The device is marketed for the temporary relief and management of pain associated with sore muscles and arthritis, which are therapeutic claims.
No
The device is a Transcutaneous Electrical Nerve Stimulator (TENS) intended for temporary relief and management of pain. It is not described as diagnosing any condition, but rather providing symptomatic relief.
No
The device description explicitly states it consists of hardware components including a microprocessor, buttons, electrical pads, and display, in addition to software control.
Based on the provided information, this device is not an IVD (In Vitro Diagnostic).
Here's why:
- Intended Use: The intended use is for the temporary relief and management of pain by applying electrical stimulation to the body. This is a therapeutic use, not a diagnostic one.
- Device Description: The description details a TENS device that delivers electrical pulses to the body through electrodes. This is consistent with a therapeutic device, not a device that analyzes samples from the body (which is the core function of an IVD).
- Lack of IVD Characteristics: There is no mention of analyzing biological samples (blood, urine, tissue, etc.), reagents, or any other components typically associated with in vitro diagnostics.

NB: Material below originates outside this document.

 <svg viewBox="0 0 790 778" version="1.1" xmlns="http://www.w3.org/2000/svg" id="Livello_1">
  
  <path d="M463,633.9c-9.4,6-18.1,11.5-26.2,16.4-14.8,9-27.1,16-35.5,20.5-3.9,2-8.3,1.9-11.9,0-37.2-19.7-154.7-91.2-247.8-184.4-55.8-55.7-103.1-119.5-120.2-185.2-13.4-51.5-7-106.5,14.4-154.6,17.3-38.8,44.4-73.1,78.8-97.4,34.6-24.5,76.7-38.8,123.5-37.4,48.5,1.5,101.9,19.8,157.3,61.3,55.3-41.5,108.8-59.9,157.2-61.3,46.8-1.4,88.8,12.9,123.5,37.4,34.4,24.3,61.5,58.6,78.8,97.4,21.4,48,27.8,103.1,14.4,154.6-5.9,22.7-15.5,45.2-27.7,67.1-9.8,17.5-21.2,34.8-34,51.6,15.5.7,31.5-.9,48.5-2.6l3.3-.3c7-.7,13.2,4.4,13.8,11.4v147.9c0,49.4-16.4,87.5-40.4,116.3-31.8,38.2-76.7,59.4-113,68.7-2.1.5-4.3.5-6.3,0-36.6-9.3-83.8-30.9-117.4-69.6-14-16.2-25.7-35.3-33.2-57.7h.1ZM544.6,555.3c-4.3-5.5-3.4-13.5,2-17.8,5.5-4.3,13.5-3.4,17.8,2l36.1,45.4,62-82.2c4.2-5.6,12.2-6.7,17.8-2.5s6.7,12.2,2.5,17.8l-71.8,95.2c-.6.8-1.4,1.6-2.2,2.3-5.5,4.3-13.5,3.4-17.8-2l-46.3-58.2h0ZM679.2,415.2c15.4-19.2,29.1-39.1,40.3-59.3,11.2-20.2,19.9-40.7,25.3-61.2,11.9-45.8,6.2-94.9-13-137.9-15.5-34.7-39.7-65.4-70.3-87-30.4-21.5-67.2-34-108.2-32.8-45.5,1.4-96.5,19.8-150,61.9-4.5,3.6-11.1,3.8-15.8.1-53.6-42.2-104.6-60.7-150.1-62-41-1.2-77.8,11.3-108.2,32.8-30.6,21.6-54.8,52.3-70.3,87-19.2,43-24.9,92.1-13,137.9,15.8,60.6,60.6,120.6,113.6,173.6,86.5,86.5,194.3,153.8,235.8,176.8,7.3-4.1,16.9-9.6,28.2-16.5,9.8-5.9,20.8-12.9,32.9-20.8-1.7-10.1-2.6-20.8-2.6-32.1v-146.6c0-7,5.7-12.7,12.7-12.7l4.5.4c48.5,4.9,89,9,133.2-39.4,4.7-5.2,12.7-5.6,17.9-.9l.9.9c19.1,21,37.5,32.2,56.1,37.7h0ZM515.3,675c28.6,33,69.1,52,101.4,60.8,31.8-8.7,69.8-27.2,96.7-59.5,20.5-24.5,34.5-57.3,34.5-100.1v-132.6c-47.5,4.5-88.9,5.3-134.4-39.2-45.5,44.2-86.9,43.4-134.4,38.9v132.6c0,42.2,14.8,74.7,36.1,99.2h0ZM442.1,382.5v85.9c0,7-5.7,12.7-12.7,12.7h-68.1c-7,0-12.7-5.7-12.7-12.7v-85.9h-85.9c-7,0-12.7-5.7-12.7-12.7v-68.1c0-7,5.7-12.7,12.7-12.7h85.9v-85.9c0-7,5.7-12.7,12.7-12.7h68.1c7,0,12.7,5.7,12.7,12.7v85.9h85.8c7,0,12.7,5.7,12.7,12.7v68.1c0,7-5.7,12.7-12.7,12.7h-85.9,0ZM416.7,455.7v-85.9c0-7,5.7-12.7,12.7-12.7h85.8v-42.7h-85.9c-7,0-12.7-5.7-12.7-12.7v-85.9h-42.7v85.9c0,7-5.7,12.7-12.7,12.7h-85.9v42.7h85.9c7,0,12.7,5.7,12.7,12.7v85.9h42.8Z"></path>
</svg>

In summary, the AD-2129A TENS device is a therapeutic device used for pain relief, not a diagnostic device used to test samples outside the body.
N/A
Intended Use / Indications for Use
The AD-2129A TENS device is intended for temporary relief of pain associated with sore and aching muscles due to strain from exercise or normal household and work activities. It is also intended for symptomatic relief and management of chronic, intractable pain and relief of pain associated with arthritis.
Product codes
NUH, NYN
Device Description
The AD-2129A Transcutaneous Electrical Nerve Stimulator(TENS) is transcutaneous electrical nerve stimulator for relief of muscular pain and sold without prescription.
The device consists of a microprocessor, buttons, electrical pads, and display. Keys can control the device to choose the operation modes, adjust pulse output strength, then the channel that effectively transfers your desired choice of programmed electrical pulses directly through electrode adhesive pads to the suggested area of the body where the electrodes are placed, causing minimal muscle stimulation. The LCD display can show user the mode and strength chosen and other information like date and time
Self-adhesive electrodes are used in this devices, and they are intended for use as the disposable, conductive adhesive interface between the patient's skin and the Electrical Stimulator. The electrodes is for OTC use, and mainly consists of substrate and wire.
Mentions image processing
Not Found
Mentions AI, DNN, or ML
Not Found
Input Imaging Modality
Not Found
Anatomical Site
Not Found
Indicated Patient Age Range
Not Found
Intended User / Care Setting
Home use (Over-The-Counter Use)
Description of the training set, sample size, data source, and annotation protocol
Not Found
Description of the test set, sample size, data source, and annotation protocol
Not Found
Summary of Performance Studies
Non-clinical Testing Summary:
(1) Biocompatibility of materials: Tested according to ISO 10993-5 and ISO 10993-10, result shows it meets applicable requirements.
(2) Electromagnetic Compatibility: Tested according to IEC 60601-1-2, result shows it meets all applicable requirements.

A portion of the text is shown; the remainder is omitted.